These are the words with which it opens :

"In her ear he whispers gaily,

'If my heart by signs can tell,
Maiden, I have watched thee daily,
And I think thou lov'st me well.'
She replies, in accents fainter,

'There is none I love like thee.'
He is but a landscape-painter,
And a village-maiden she."

Promising her but a cottage home, he "leads her to the village altar," and, as they depart on their wedded life, he speaks to her of the handsome houses they are passing, among the parks and summer woods, and suggests a visit to the fairest of these noble and wealthy homes.

"All he shows her makes him dearer:
Evermore she seems to gaze

On that cottage growing nearer,

Where they twain will spend their days.

O but she will love him truly!

He shall have a cheerful home;

She will order all things duly,

When beneath his roof they come.

"Thus her heart rejoices greatly,

Till a gateway she discerns,
With armorial bearings stately,

And beneath the gate she turns;

Sees a mansion more majestic

Than all those she saw before:

Many a gallant gay domestic

Bows before him at the door.

"And they speak in gentle murmur
When they answer to his call,
While he treads with footstep firmer,
Leading on from hall to hall.
And, while now she wonders blindly,
Nor the meaning can divine,
Proudly turns he round and kindly-
'All of this is mine and thine.'"

Then we read how, finding herself Lady of Burghley, she blushes and turns pale; strives against her weakness and her sinking spirits, and meekly shapes her heart to all duties of her new rank.
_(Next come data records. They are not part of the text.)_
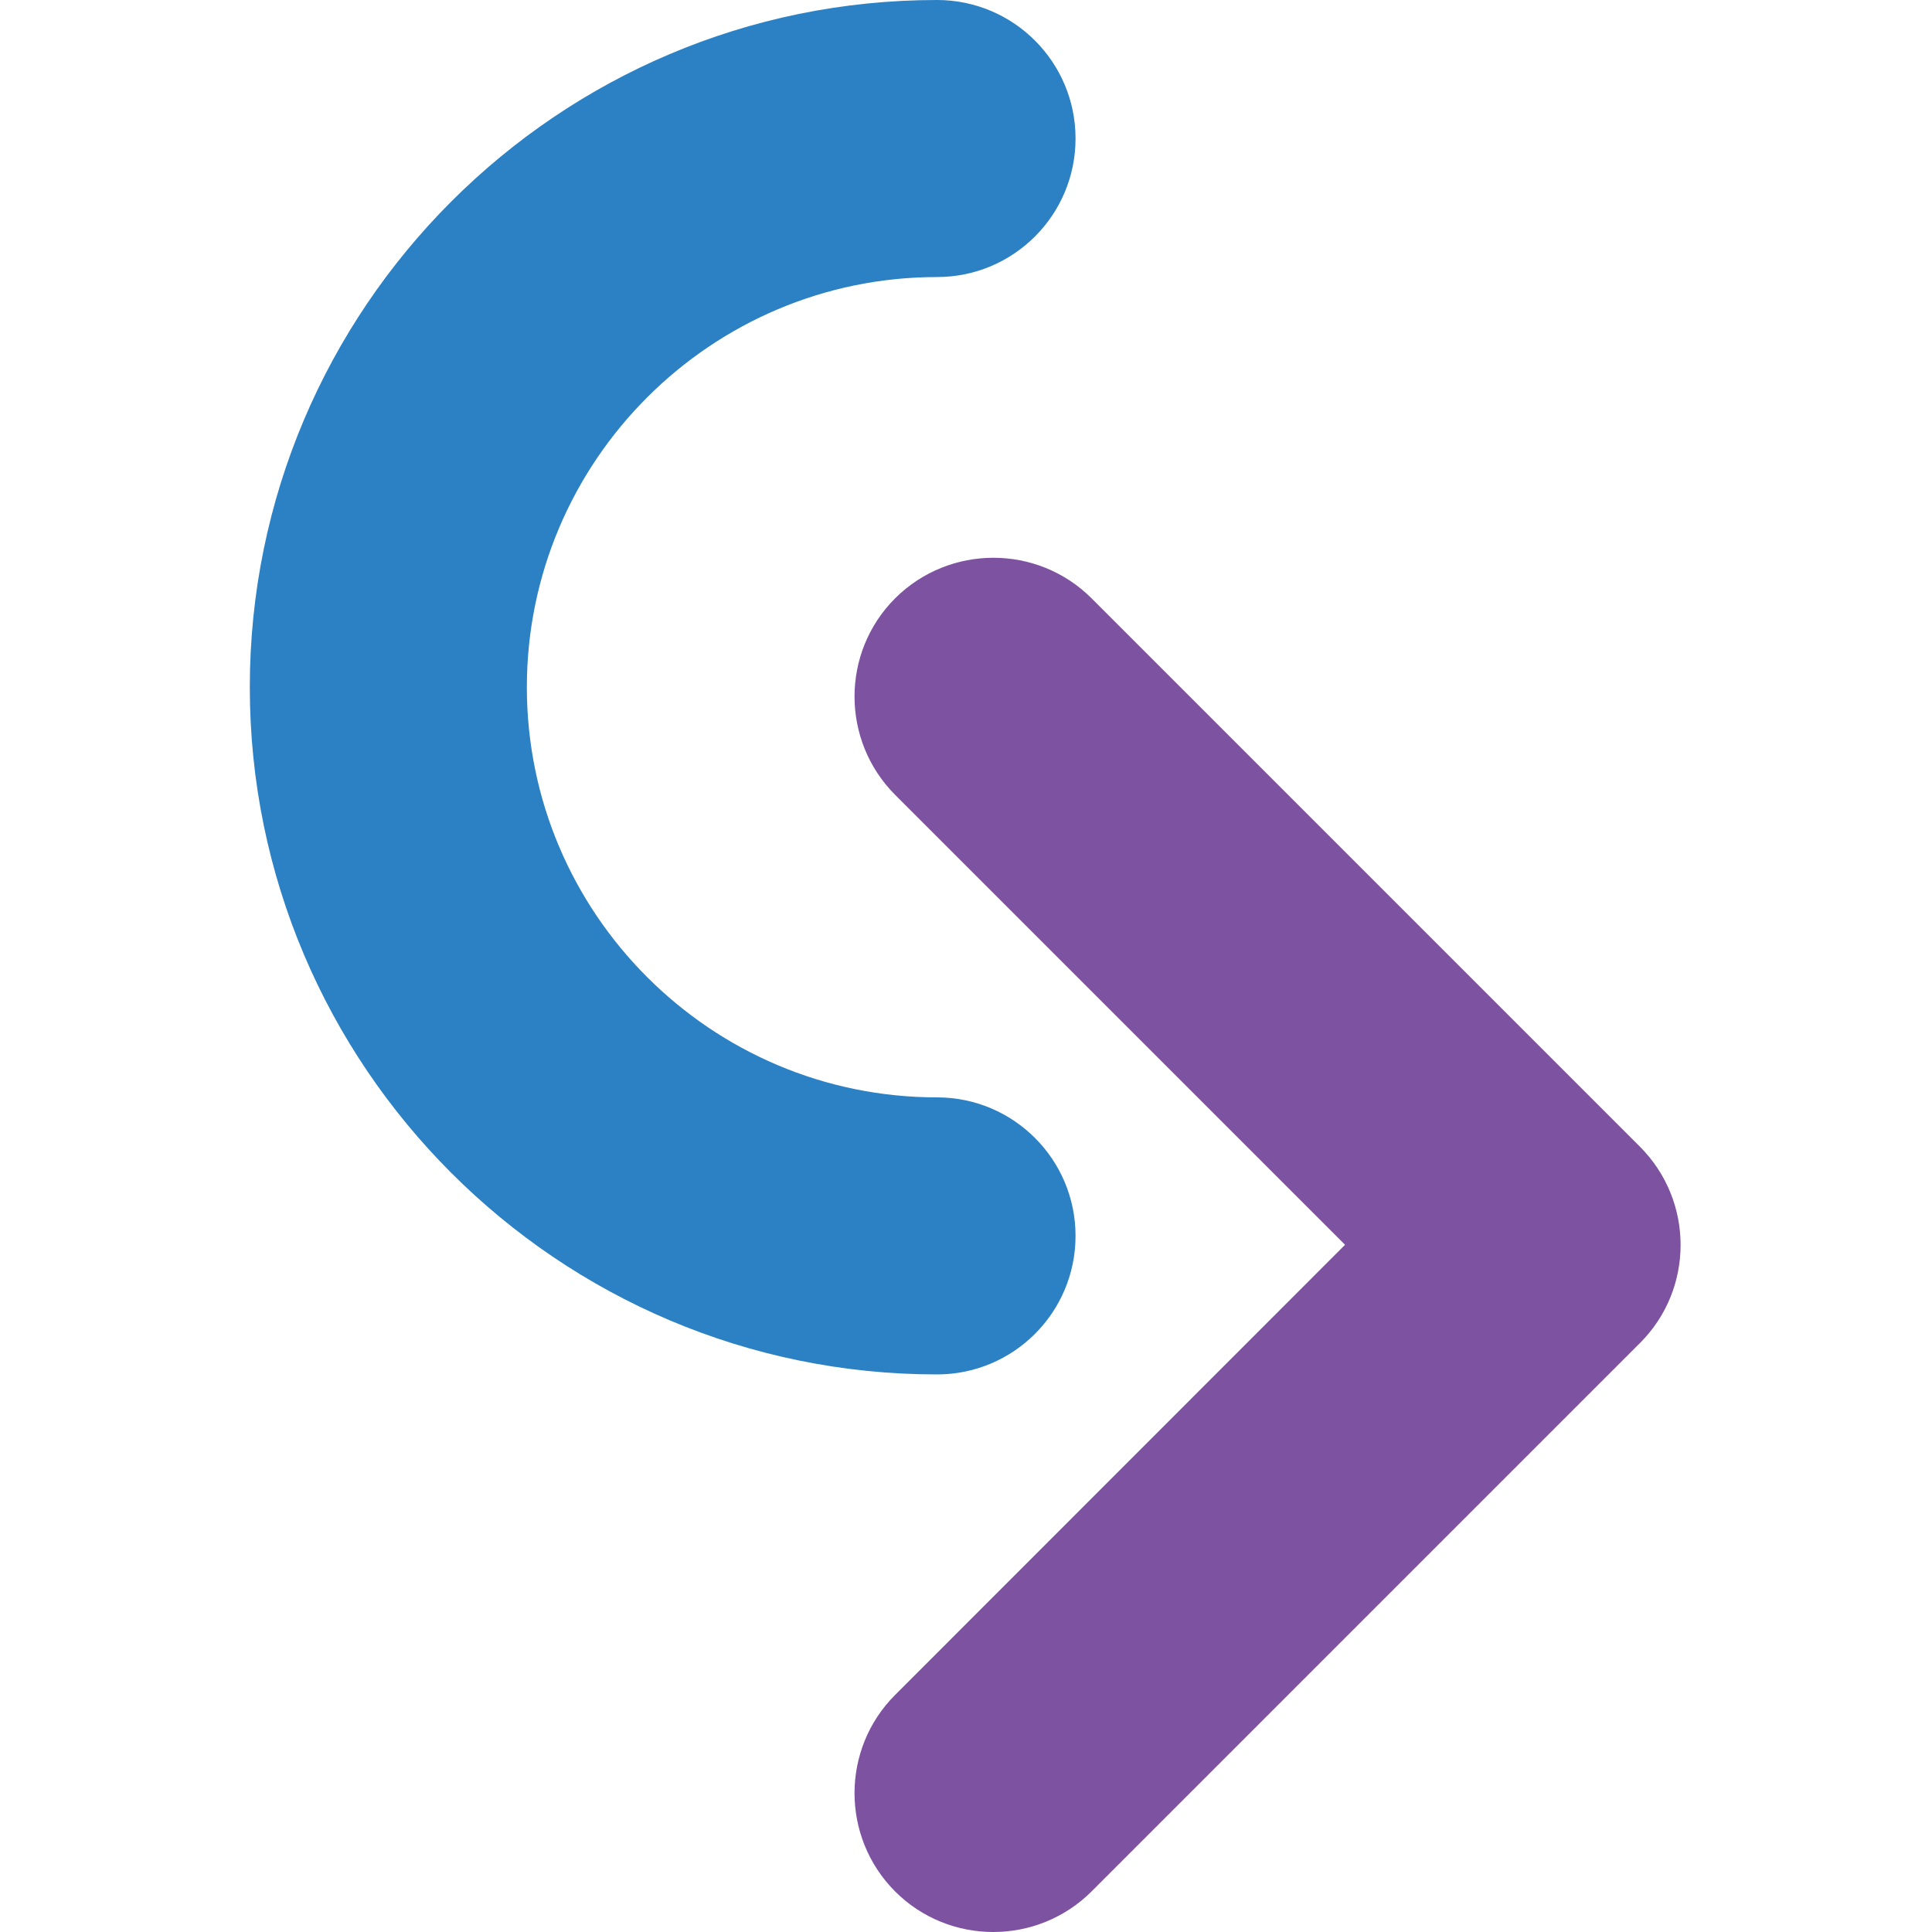 <?xml version="1.0" encoding="utf-8"?>
<!-- Generator: Adobe Illustrator 24.2.3, SVG Export Plug-In . SVG Version: 6.00 Build 0)  -->
<svg version="1.1" id="Layer_1" xmlns="http://www.w3.org/2000/svg" xmlns:xlink="http://www.w3.org/1999/xlink" x="0px" y="0px"
	 viewBox="0 0 1000 1000" style="enable-background:new 0 0 1000 1000;" xml:space="preserve">
<style type="text/css">
	.st0{fill:#2B81C4;}
	.st1{fill:#7D52A1;}
</style>
<g id="XMLID_46_">
	<path id="XMLID_47_" class="st0" d="M485,0c39.6,0,71.7,32.1,71.7,71.7s-32.1,71.7-71.7,71.7c-117,0-212.3,95.3-212.3,212.3
		S367.9,568,485,568c39.6,0,71.7,32.1,71.7,71.7s-32.1,71.7-71.7,71.7c-196.2,0-355.7-159.6-355.7-355.7C129.3,159.6,288.8,0,485,0"
		/>
	<path id="XMLID_224_" class="st1" d="M848.8,593.5L565,309.7c-28-28-73.6-28-101.7,0c-28,28-28,73.6,0,101.7l232.9,232.9
		L463.3,877.3c-28,28-28,73.6,0,101.7c28,28,73.6,28,101.7,0l283.8-283.8C876.9,667.2,876.9,621.6,848.8,593.5z"/>
</g>
</svg>

"And a gentle consort made he,

And her gentle mind was such

That she grew a noble lady,

And the people loved her much.
But a trouble weighed upon her,

And perplex'd her night and morn,
With the burthen of an honour
Unto which she was not born.

"Faint she grew and ever fainter,

As she murmur'd, 'Oh, that he
Were once more that landscape-painter
Which did win my heart from me!'
So she droop'd and droop'd before him,
Fading slowly from his side:
Three fair children first she bore him,
Then before her time she died.

"Weeping, weeping, late and early,

Walking up and pacing down,
Deeply mourn'd the Lord of Burleigh,
Burleigh House by Stamford Town.

THE OLD BALL-ROOM.

And he came to look upon her,

And he look'd at her and said,
'Bring the dress and put it on her,
That she wore when she was wed.'

"Then her people, softly treading,
Bore to earth her body, drest
In the dress that she was wed in,
That her spirit might have rest."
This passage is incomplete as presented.